Sheahan received a PhD and MA in political theory from the Catholic University of America and a B.S. in political science from the Honors College at Oregon State University. From 2016-2018 he was a postdoctoral associate in the Department of Political Science at Duke University and from 2018-2019 he was Associate Director and Post-Doctoral Research Fellow at the Freedom Project, an academic institute at Wellesley College. Sheahan is a five-time recipient of the Humane Studies Fellowship from the Institute for Humane Studies, a 2014 recipient of the Richard M. Weaver Fellowship from the Intercollegiate Studies Institute (ISI), a 2015-2016 recipient of a dissertation research fellowship from the Catholic University of America, and a 2018 recipient of the Leonard Liggio Memorial Fellowship.
William S. Smith
Center for the Study of Statesmanship
William S. Smith is Research Fellow and Managing Director of the Center for the Study of Statesmanship at the Catholic University of America (CUA). He earned his PhD with distinction at CUA and a bachelor’s in history from Georgetown University. His dissertation explored war and peace in democratic societies by applying critiques of Romanticism offered by Irving Babbitt, the esteemed Harvard scholar. Mr. Smith’s thesis links Babbitt’s concept of democratic imperialism to certain theorists of democracy, particularly Jean-Jacques Rousseau, and makes historical and contemporary applications.
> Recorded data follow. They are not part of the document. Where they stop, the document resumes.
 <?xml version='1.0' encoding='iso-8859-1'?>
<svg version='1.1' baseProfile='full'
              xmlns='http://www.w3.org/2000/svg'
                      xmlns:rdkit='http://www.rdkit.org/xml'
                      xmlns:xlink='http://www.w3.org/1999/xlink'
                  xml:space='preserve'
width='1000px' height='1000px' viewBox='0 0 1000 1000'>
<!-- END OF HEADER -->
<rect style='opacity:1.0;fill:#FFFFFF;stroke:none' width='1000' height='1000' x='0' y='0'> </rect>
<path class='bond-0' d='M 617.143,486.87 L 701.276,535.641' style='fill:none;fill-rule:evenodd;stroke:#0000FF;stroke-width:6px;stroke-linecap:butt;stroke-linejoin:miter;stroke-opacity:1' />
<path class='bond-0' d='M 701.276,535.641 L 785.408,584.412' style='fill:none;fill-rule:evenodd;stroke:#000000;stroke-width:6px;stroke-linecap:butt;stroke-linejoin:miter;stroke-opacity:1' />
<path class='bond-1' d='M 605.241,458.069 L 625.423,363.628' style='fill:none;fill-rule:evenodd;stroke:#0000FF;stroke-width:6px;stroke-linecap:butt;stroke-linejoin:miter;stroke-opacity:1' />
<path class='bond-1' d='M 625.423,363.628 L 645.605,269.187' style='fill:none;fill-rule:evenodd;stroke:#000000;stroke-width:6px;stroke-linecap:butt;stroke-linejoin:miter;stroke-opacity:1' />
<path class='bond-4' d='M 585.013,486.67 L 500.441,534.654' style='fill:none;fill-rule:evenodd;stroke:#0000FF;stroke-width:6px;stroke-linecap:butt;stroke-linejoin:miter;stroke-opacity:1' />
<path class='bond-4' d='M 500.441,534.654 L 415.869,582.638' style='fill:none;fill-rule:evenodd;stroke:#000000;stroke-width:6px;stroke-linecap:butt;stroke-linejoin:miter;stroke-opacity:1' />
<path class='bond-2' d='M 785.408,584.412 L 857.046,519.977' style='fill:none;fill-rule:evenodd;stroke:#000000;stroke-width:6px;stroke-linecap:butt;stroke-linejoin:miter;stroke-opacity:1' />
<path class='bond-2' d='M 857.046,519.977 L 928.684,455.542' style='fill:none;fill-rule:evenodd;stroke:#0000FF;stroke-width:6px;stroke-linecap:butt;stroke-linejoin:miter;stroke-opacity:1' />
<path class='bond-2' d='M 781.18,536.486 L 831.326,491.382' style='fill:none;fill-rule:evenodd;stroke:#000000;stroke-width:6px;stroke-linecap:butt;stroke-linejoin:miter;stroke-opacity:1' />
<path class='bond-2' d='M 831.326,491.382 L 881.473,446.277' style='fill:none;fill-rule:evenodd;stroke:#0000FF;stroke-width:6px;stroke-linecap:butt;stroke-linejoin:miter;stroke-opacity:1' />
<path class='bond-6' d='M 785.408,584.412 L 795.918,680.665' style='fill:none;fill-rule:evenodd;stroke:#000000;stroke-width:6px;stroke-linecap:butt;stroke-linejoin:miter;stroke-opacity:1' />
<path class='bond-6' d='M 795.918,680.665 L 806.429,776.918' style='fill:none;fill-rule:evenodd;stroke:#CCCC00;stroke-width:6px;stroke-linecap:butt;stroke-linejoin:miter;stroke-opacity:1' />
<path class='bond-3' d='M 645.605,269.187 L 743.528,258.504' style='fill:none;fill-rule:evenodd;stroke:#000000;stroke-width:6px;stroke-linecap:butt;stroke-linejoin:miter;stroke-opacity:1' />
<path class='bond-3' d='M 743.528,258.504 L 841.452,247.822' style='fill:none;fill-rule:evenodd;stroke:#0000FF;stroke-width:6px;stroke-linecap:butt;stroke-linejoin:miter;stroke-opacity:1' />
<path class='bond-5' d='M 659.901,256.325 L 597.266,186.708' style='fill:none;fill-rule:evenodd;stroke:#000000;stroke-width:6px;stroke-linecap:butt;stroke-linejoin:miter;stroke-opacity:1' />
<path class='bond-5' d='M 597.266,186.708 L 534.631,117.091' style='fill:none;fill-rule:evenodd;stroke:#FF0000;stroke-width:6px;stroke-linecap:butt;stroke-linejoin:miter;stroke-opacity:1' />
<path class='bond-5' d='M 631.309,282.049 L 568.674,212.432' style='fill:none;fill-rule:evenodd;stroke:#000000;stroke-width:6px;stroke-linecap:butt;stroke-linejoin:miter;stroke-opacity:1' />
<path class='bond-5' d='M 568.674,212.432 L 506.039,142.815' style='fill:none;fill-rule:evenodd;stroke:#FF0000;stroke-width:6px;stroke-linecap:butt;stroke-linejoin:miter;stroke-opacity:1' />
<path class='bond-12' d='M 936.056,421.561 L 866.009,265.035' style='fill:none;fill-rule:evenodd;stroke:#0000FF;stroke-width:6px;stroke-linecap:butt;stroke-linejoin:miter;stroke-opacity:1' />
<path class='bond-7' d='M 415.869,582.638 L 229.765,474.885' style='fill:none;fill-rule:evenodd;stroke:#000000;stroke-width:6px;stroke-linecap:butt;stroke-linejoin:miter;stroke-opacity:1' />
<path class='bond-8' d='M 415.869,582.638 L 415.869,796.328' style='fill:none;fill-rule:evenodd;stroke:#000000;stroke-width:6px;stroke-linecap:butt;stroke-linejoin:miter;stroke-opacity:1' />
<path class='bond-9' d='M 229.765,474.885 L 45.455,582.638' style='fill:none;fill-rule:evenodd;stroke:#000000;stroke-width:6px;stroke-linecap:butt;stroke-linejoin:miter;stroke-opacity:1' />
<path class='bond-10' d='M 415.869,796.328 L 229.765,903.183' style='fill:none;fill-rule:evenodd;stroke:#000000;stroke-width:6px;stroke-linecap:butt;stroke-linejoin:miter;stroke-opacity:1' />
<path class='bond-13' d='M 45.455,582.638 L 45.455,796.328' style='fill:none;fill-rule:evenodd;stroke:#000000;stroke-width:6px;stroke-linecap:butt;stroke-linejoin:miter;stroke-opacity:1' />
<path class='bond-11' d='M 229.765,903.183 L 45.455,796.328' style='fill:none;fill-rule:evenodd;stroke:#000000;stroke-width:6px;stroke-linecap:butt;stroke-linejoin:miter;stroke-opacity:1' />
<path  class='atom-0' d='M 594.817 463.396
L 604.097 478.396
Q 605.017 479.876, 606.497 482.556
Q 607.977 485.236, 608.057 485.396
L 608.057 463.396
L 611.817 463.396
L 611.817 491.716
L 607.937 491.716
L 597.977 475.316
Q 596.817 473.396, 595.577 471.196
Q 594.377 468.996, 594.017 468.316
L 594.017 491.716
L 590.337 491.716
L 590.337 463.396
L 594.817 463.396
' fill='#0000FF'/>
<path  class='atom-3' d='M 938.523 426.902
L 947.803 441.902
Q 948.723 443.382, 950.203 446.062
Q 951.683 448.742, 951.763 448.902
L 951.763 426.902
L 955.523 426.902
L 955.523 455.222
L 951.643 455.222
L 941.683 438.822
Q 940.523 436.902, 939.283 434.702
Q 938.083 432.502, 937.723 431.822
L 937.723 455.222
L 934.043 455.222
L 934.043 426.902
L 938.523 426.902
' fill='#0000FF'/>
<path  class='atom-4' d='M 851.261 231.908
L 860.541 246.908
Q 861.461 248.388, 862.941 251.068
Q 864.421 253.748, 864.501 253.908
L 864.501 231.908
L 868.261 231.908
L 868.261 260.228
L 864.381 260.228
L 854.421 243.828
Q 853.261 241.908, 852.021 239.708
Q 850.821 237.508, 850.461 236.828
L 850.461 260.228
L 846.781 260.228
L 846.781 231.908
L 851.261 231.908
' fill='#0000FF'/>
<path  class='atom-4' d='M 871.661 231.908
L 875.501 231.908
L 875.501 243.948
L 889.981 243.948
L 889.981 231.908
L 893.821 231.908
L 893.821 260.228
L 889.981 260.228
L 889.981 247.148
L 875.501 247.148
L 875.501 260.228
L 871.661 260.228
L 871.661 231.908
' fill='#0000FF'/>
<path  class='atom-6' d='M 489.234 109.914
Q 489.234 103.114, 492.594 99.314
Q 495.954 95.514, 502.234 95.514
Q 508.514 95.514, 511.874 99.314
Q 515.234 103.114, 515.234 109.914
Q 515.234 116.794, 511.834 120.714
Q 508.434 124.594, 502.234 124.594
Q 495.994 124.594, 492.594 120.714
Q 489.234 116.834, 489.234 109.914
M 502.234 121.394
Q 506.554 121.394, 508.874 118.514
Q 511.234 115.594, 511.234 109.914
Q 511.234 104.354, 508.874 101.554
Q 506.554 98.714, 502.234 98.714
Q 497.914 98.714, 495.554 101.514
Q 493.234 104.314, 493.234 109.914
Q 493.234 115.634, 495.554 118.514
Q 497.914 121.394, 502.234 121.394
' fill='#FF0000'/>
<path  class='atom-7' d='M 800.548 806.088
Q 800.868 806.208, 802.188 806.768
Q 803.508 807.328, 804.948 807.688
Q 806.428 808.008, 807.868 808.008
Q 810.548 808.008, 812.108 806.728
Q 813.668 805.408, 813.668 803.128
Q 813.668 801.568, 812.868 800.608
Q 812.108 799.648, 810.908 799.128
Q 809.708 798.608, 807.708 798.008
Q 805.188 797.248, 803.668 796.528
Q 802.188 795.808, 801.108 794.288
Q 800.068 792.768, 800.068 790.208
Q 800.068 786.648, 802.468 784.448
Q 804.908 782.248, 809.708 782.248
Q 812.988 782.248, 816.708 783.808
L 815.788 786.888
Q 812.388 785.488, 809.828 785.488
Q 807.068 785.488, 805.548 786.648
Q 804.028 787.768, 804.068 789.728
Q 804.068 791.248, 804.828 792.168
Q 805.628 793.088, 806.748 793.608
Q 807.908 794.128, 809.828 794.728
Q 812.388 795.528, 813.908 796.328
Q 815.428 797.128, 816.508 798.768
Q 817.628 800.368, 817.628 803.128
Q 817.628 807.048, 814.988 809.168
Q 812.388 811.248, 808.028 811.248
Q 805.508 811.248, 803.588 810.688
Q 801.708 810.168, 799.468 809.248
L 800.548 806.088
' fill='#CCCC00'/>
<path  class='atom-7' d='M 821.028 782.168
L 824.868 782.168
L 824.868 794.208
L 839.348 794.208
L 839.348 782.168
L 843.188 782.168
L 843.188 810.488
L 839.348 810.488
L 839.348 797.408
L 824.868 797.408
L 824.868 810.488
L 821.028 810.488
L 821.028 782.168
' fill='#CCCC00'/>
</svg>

Mr. Smith also has 25 years of experience in government and in corporate roles. His career has included senior staff positions for the Republican House leadership on Capitol Hill, the White House Office of National Drug Control Policy, and in the Governor’s office in Massachusetts. He then spent ten years at Pfizer Inc as Vice President of Public Affairs and Policy where he was responsible for Pfizer’s corporate strategies for the U.S. policy environment. He later served as a consultant to major pharmaceutical, biotechnology and medical device companies.
C.R. Wiley
Presbyterian Church of Manchester
Rev. C.R. Wiley is Senior Pastor at the Presbyterian Church of Manchester (Manchester, CT). He has written for Touchstone Magazine, Modern Reformation, Sacred Architecture, The Imaginative Conservative, Front Porch Republic, National Review Online, and First Things, among others. His most recent book is, The Household and the War for the Cosmos published by Canon Press (2019). His short fiction has appeared in The Mythic Circle (published by the Mythopoeic Society) and elsewhere, and the first book in his young adult fantasy series, The Purloined Boy was published by Canonball Books (2017).